(Stored data entries)
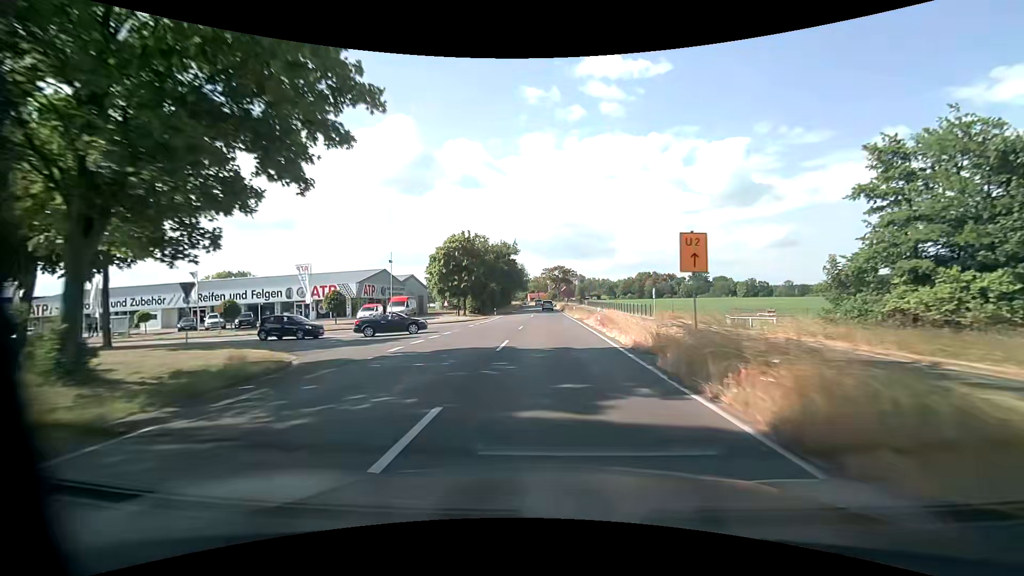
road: tertiary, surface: asphalt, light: Day
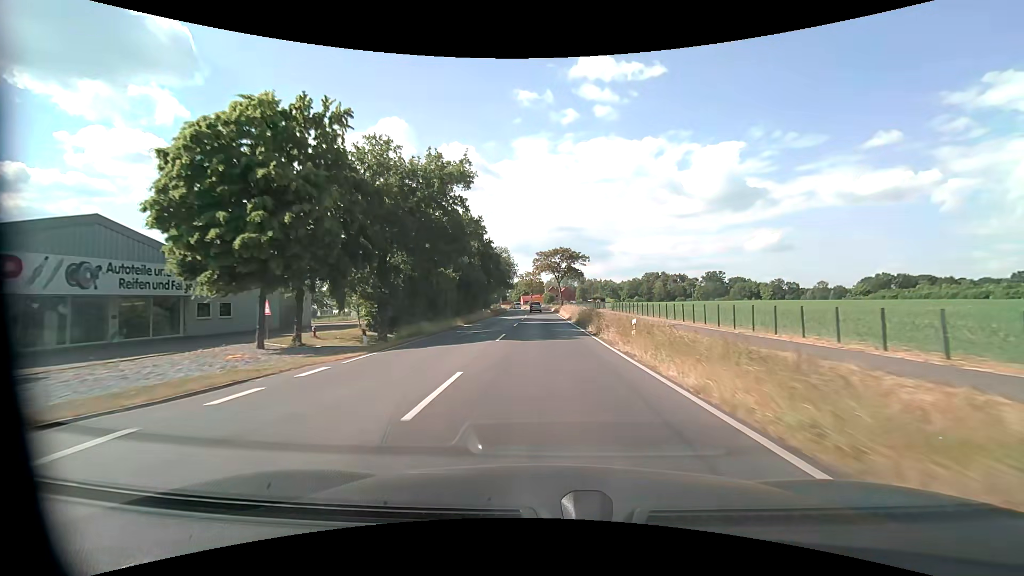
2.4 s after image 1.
(0.0, +44.9) m; 0°
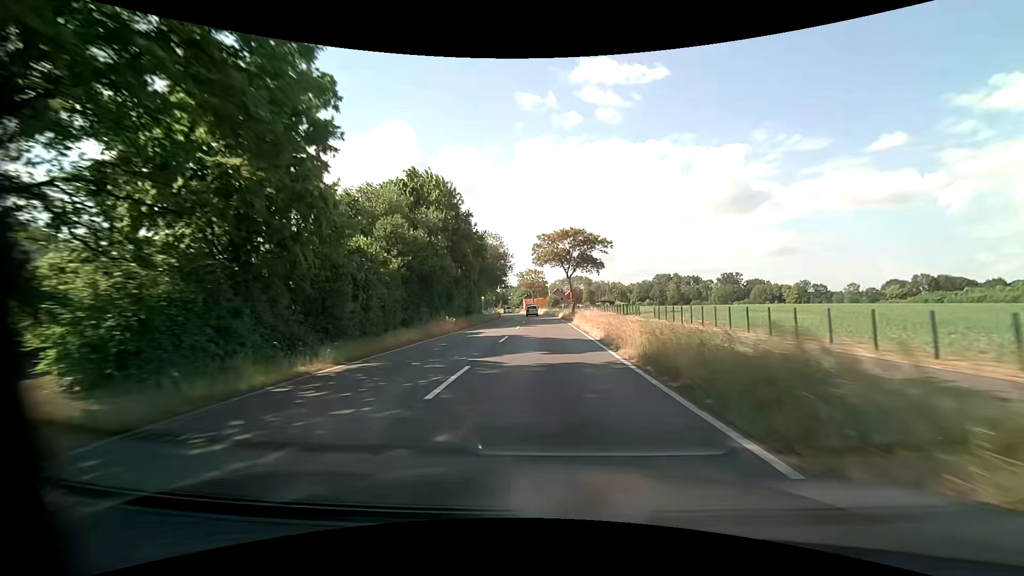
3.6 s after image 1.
(-0.1, +22.6) m; -1°

(Description of the task) In the copy, include all records verbatim but no images.

(Task result)
road: tertiary, surface: asphalt, light: Day
2.4 s after image 1.
(0.0, +44.9) m; 0°
3.6 s after image 1.
(-0.1, +22.6) m; -1°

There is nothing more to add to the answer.